The Appellate Division, Second Department, in Giannone v. Trotwood Corporation, 266 AD2d 430, 698 NYS2d 698, noted that RPAPL §522(1) and (2) requires that "a party seeking to obtain title by adverse possession on a claim not based upon a written instrument must produce evidence that the subject premises were either 'usually cultivated or improved' or 'protected by a [*5]substantial inclosure.' That party must also establish, by clear and convincing evidence, the common law requirements of hostile possession, under a claim of right, which was actual, open and notorious, and exclusive, and continuous for the statutory period (see Brand v. Prince, 35 NY2d 634, 364 NYS2d 826; Manhattan School of Music v. Solow, 175 AD2d 106, 571 NYS2d 958)." The court went on to observe that "[a] party seeking summary judgment 'must make a prima facie showing of entitlement to judgment as a matter of law, tendering sufficient evidence to demonstrate the absence of any material issues of fact" (Ayotte v. Grevasioi, 81 NY2d 1062, 601 NYS2d 463; Alvarez v. Prospect Hosp., 68 NY2d 320, 508 NYS2d 923). A prima facie showing shifts the burden to the opposing party to produce evidentiary proof in admissible form sufficient to establish the existence of material questions of fact (see Alvarez v. Prospect Hosp., supra). Finally, the court concluded that ". . .proof that the plaintiffs allowed their tenants to use

the disputed property, and that the plaintiffs cut grass and kept the disputed area manageable is insufficient to establish adverse possession by usual cultivation or improvement (citing Yamin v. Daly, 205 AD2d 870, 613 NYS2d 300; Manhattan School of Music v. Solow, supra). The plaintiffs' unsupported claim that the disputed area was fenced in some fashion is likewise insufficient to establish adverse possession by 'a substantial enclosure' [RPAPL 522[2]).

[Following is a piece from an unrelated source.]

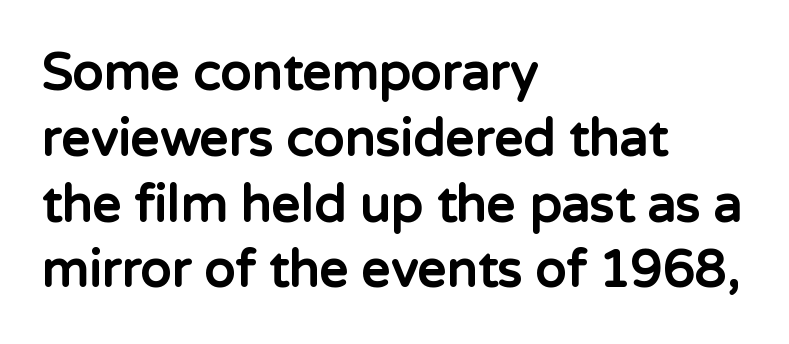
Spacing verdict: proportional, widths tailored to each character. Short and long lines alike share a common starting point at left. Bold? Absolutely — the strokes are thick and heavy. The letters stand straight up with perfectly vertical stems.

On the basis of the descriptions and pictures offered by LBA and the plaintiff, the parcel herein concerned is a fifty feet by forty feet lot bounded by the plaintiff on its western side, LBA on its eastern side, a disinterested, third-party entity on its southern side, and an open northern facade along Johnson Avenue. The pictures make it particularly clear that the plaintiff had erected a roll-down gate on the northern exposure by cutting off what the plaintiff asserts was a portion of LBA's fence. The plaintiff suggests that this gate was installed in 1983 whereas LBA asserts that it was in the year 2000. Curiously, however, LBA never indicated that it had constructed any fence besides the one along the eastern line of the subject property. Hence, although we don't know for certain who erected the fence along the northern side of the parcel, we know by the plaintiff's admission that neither he nor his brother did. It therefore follows that the plaintiff was not responsible for any substantial enclosure of the subject property. The various cases hereinabove cited leave debatable the issue of whether the plaintiff's assertions of clearing and maintaining the property, constructing a drainage pipe on the south side of the property to prevent water build up on the property, his removal of brush, and the storing of merchandise from his sister's store on the property, all for allegedly more than 10 years, actually constitute usual cultivation or improvement. In light of the fact that no overhead cover existed on the property,

one is hardpressed to visualize the type of sellable second-hand merchandise that would be capable of being stored thereon. In any event, it is apparent as reinforced by the very issues raised by the plaintiff that the plaintiff has failed to demonstrate by clear and convincing evidence, the common law requirements of hostile possession, under a claim of right, which was actual, open and notorious, exclusive, and continuous for the statutory ten year period. Therefore, LBA's motion and Prudential's cross motion for summary judgment to dismiss the plaintiff's amended complaint for ownership by adverse possession to that parcel of property comprising 170 Johnson Avenue, Block 3071, Lot 10, is granted. This constitutes the decision [*6]and Order of this Court.